Director, Canadian Council of Criminal Defence Lawyers

Evan Roitenberg

With regard to the legislation, regardless of whether the presumption kicks in, there still has to be, in essence, documentation as signed by the attorney general of the province particularizing that you are sought to be declared a dangerous offender for the following reason. So even if there is the presumption, that does have to be particularized procedurally by the legislation. That's not affected by the amendments.

10:20 a.m.

Liberal

Derek Lee Liberal Scarborough—Rouge River, ON

Okay, thank you. That's helpful.

10:20 a.m.

Conservative

The Chair Conservative Rick Dykstra

You have 30 seconds left, Mr. Lee.

10:20 a.m.

Liberal

Derek Lee Liberal Scarborough—Rouge River, ON

Do you have a 30-second question, Mr. Murphy?

10:20 a.m.

Liberal

Brian Murphy Liberal Moncton—Riverview—Dieppe, NB

Doesn't this somewhat clear up the problem with the Johnson case? Isn't some this some housekeeping because Johnson had some incongruity as the legislators saw it?

10:20 a.m.

Director, Canadian Council of Criminal Defence Lawyers

Evan Roitenberg

Johnson wasn't incongruous with the legislation. What the court said in Johnson is we are going to hold off making a declaration of dangerousness because we don't want to impose the indeterminate sentence. What this legislation does to a degree is clarify that, because it allows you to make the declaration of dangerousness and then determine within the framework what the sentence will be. The problem is with determining what the sentence will be, based on onus and standard.

10:20 a.m.

Liberal

Brian Murphy Liberal Moncton—Riverview—Dieppe, NB

Thank you.

10:20 a.m.

Conservative

The Chair Conservative Rick Dykstra

Mr. Kramp.

10:20 a.m.

Conservative

Daryl Kramp Conservative Prince Edward—Hastings, ON

Thank you very much, all of you, for coming here today.

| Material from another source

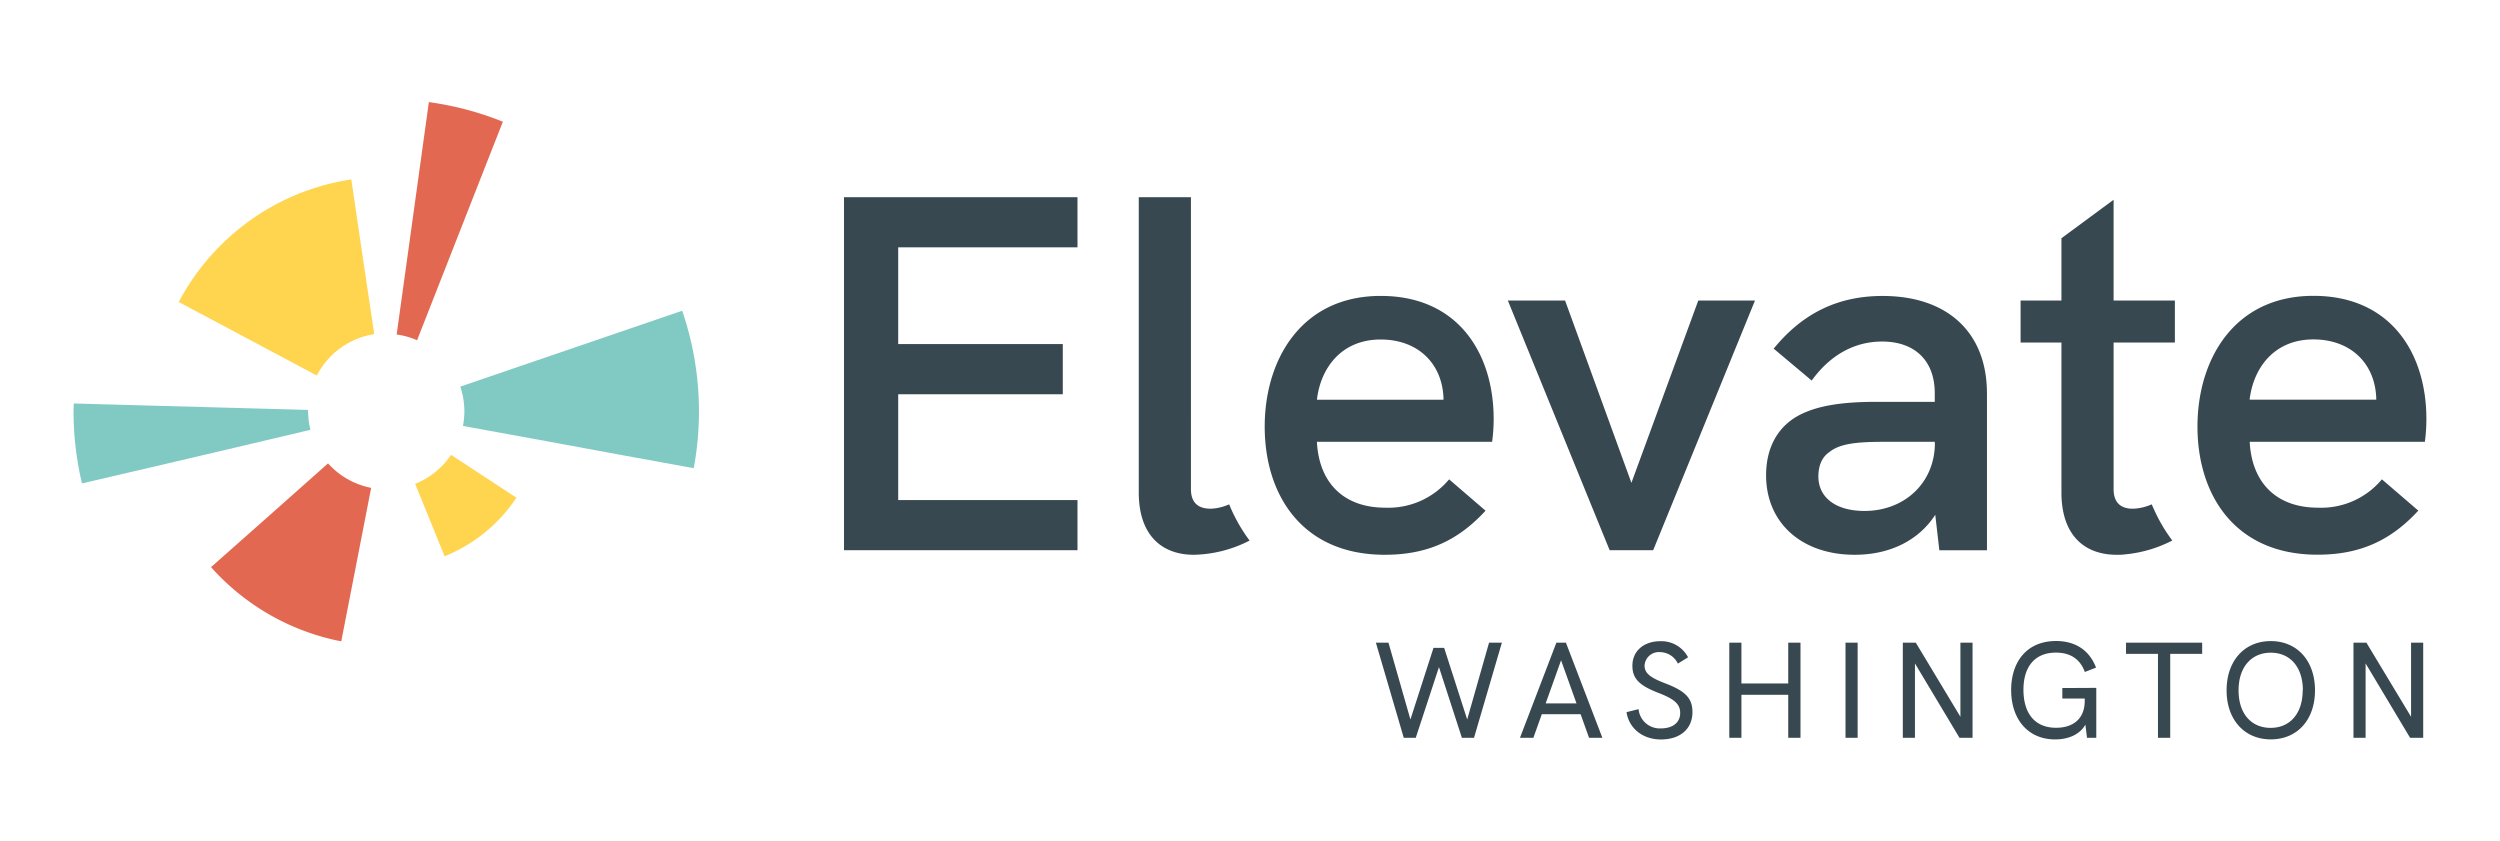 <svg id="Layer_1" data-name="Layer 1" xmlns="http://www.w3.org/2000/svg" viewBox="0 0 612 205.9"><defs><style>.cls-2{fill:#384850}.cls-4{fill:#81cac4}.cls-5{fill:#ffd550}</style><clipPath id="clip-path"><path fill="none" d="M0 0h612v205.9H0z"/></clipPath></defs><path class="cls-2" d="M336.82 157.33h3.08l5.37 18.8 5.65-17.53h2.61l5.64 17.53 5.35-18.8h3.14l-6.82 23.28h-2.97l-5.61-17.3-5.68 17.3h-2.94l-6.82-23.28zm50.11 17.5h-9.49l-2.07 5.78h-3.28l8.91-23.28h2.34l8.92 23.28H389zm-1-2.64l-3.78-10.55-3.77 10.55z"/><g clip-path="url(#clip-path)"><path class="cls-2" d="M398.18 174.33l2.94-.73a5.22 5.22 0 0 0 5.51 4.71c3 0 4.68-1.57 4.68-3.75s-1.37-3.4-5.25-4.91c-4.78-1.83-6.45-3.54-6.45-6.68 0-3.6 2.78-6 6.85-6a7.36 7.36 0 0 1 6.78 3.94l-2.5 1.54a4.89 4.89 0 0 0-4.38-2.81 3.5 3.5 0 0 0-3.77 3.27c0 1.94 1.47 3 5.07 4.38 5.12 1.94 6.65 3.77 6.65 7.05 0 4-2.9 6.68-7.71 6.68-4.41 0-7.79-2.64-8.42-6.65m25.15-17.04h2.97v9.99h11.46v-9.99h3v23.28h-3v-10.52H426.3v10.52h-2.97v-23.28zm28.45 0h2.97v23.28h-2.97zm31.1 0v23.28h-3.2l-10.9-18.2v18.2h-2.97v-23.28h3.18l10.92 18.14v-18.14h2.97zm30.29 11.06v12.22h-2.27l-.4-3.21c-1.3 2.31-4 3.61-7.41 3.61-6.69 0-10.76-5-10.76-12.09 0-6.92 3.84-12 11-12 4.84 0 8.21 2.37 9.78 6.51l-2.74 1.07c-1.13-3.07-3.44-4.74-7.08-4.74-5.24 0-7.95 3.54-7.95 9.08s2.57 9.32 8 9.32c3.94 0 7-2 7-6.61V171h-5.48v-2.57zm15.1-8.32h-7.82v-2.74h18.64v2.74h-7.82v20.54h-3v-20.54zm16.8 8.93c0-7.25 4.37-12.06 10.82-12.06s10.82 4.81 10.82 12.06-4.37 12-10.82 12-10.82-4.81-10.82-12m18.67 0c0-5.65-3.07-9.22-7.85-9.22S548 163.34 548 169s3.07 9.18 7.85 9.18 7.85-3.57 7.85-9.18m29.5-11.67v23.28h-3.21l-10.89-18.2v18.2h-2.97v-23.28h3.17l10.93 18.14v-18.14h2.97zM206.61 48.27h57.16v12.28h-43.89v23.68h40.29v12.28h-40.29v25.91h43.89v12.27h-57.16V48.27zm158.66 59.89h-42.89c.49 9.8 6.32 16.12 16.73 16.12a19.35 19.35 0 0 0 15.63-6.94l8.92 7.68c-6.94 7.57-14.63 10.79-24.67 10.79-20.21 0-29.39-14.63-29.39-31.37 0-16.36 8.93-32 28.4-32 19 0 27.65 14.14 27.65 30.13a41.85 41.85 0 0 1-.38 5.58m-11.9-10.29v-.25c-.25-8.68-6.32-14.5-15.37-14.5-9.8 0-14.76 7.19-15.62 14.75zm-56.99 26.67q-4.85 0-4.84-4.84V48.28h-12.77v72.28c0 10.42 5.58 15.25 13.51 15.25a31.07 31.07 0 0 0 13.62-3.48 40.08 40.08 0 0 1-5-8.87 12.21 12.21 0 0 1-4.48 1.07m72.7-50.96h14.01l16.24 44.63 16.37-44.63h13.88l-24.92 61.12h-10.66l-24.92-61.12zm117.29 22.69v38.44h-11.66l-1-8.68c-4 6.2-11 9.79-19.71 9.79-13 0-21.7-7.81-21.7-19.46 0-6.95 3-12.16 8.43-14.88 4.22-2.11 9.92-3.1 18.6-3.1h14.26v-2.11c0-7.94-4.84-12.65-12.9-12.65-6.69 0-12.65 3.23-17.23 9.55l-9.3-7.81c7.07-8.68 15.74-12.9 26.66-12.9 15.87 0 25.54 8.93 25.54 23.81m-12.77 12.15v-.25h-12.76c-7.07 0-10.67.62-13 2.48-1.86 1.24-2.73 3.35-2.73 6 0 5.21 4.34 8.44 11.28 8.44 9.92 0 17.24-7 17.24-16.62m58.75-24.6V73.57h-15V48.9l-12.77 9.42v15.25h-10v10.29h10v36.7c0 10.41 5.58 15.25 13.52 15.25.64 0 1.27 0 1.89-.08a31.82 31.82 0 0 0 11.73-3.41 38.88 38.88 0 0 1-4.42-7.48c-.21-.46-.43-.91-.62-1.38a12.3 12.3 0 0 1-4.49 1.07h-.53c-2.86-.17-4.31-1.76-4.31-4.8V83.86zm61.22 24.3h-42.9c.49 9.8 6.32 16.12 16.74 16.12a19.33 19.33 0 0 0 15.62-6.94L592 125c-6.95 7.57-14.63 10.79-24.68 10.79-20.21 0-29.38-14.63-29.38-31.37 0-16.36 8.92-32 28.39-32 19 0 27.65 14.14 27.65 30.13a41.84 41.84 0 0 1-.37 5.58m-11.9-10.29v-.25c-.25-8.68-6.33-14.5-15.38-14.5-9.79 0-14.75 7.19-15.62 14.75z"/><path class="cls-4" d="M75.4 100.69v-.34l-19.13-.53-19.1-.52-19.12-.53c0 .64-.05 1.27-.05 1.92a76.61 76.61 0 0 0 2.07 17.65L38.7 114l18.62-4.37L76 105.22a18.8 18.8 0 0 1-.57-4.53"/><path class="cls-5" d="M88.79 62.85L86 43.93a57.2 57.2 0 0 0-29.51 13.79 57.78 57.78 0 0 0-12.74 16.21l16.9 9 16.91 9A19.12 19.12 0 0 1 91.62 81.8z"/><path class="cls-4" d="M167 76.07l-18.1 6.19-18.11 6.19-18.11 6.2a19.12 19.12 0 0 1 1 6 19.57 19.57 0 0 1-.35 3.62l18.82 3.43 18.85 3.48 18.83 3.43a77 77 0 0 0 1.28-13.92A76.21 76.21 0 0 0 167 76.07"/><path class="cls-5" d="M101.63 118.45l7.21 17.73a38.35 38.35 0 0 0 17.58-14.34l-16-10.5a19.21 19.21 0 0 1-8.8 7.11"/><path d="M80.3 113.44L66 126.14l-14.34 12.69A57.32 57.32 0 0 0 83.54 157l3.66-18.78 3.66-18.79a19.11 19.11 0 0 1-10.56-6M105 24.88l-2.63 19-2.63 19-2.64 19a18.93 18.93 0 0 1 5 1.41l7-17.83 7-17.84 7-17.82a75.93 75.93 0 0 0-18-4.79" fill="#e26851"/></g></svg>

I have a number of questions if I have an opportunity and the time to get through them here.

To the defence council, Mr. Rady, you made reference in your remarks earlier today that these are “draconian penalties”. That was the terminology used. Do you not really think that the primary offences we're talking about here--rape, robbery, murder, manslaughter, extortion, kidnapping--are draconian crimes? These are not misdemeanours.

November 13th, 2007 / 10:20 a.m.

Director, Canadian Council of Criminal Defence Lawyers

Andy Rady

Well, the difficulty is that some of the crimes include assault or assault causing bodily harm. Bodily harm can be a black eye. You're probably not going to get two years in penitentiary for that, but it's broad. So is robbery. There are different sorts of robbery. When I used the word “draconian”, it was a strong word. There probably is no greater punishment that we have than being declared a dangerous offender with an indeterminate sentence--even the first-degree murder conviction for life and no parole on 25.

The fact that there's parole after seven years for dangerous offenders is a bit of a myth. It rarely happens. They're put in; they're going to have that designation forever. So there's very little chance of getting out. More people convicted of murder would be released on parole than this. That's why I used that word. It's a very harsh punishment and probably deservedly so in many cases. The only point I think we're trying to make is that it has to be the state that puts it there, not the accused.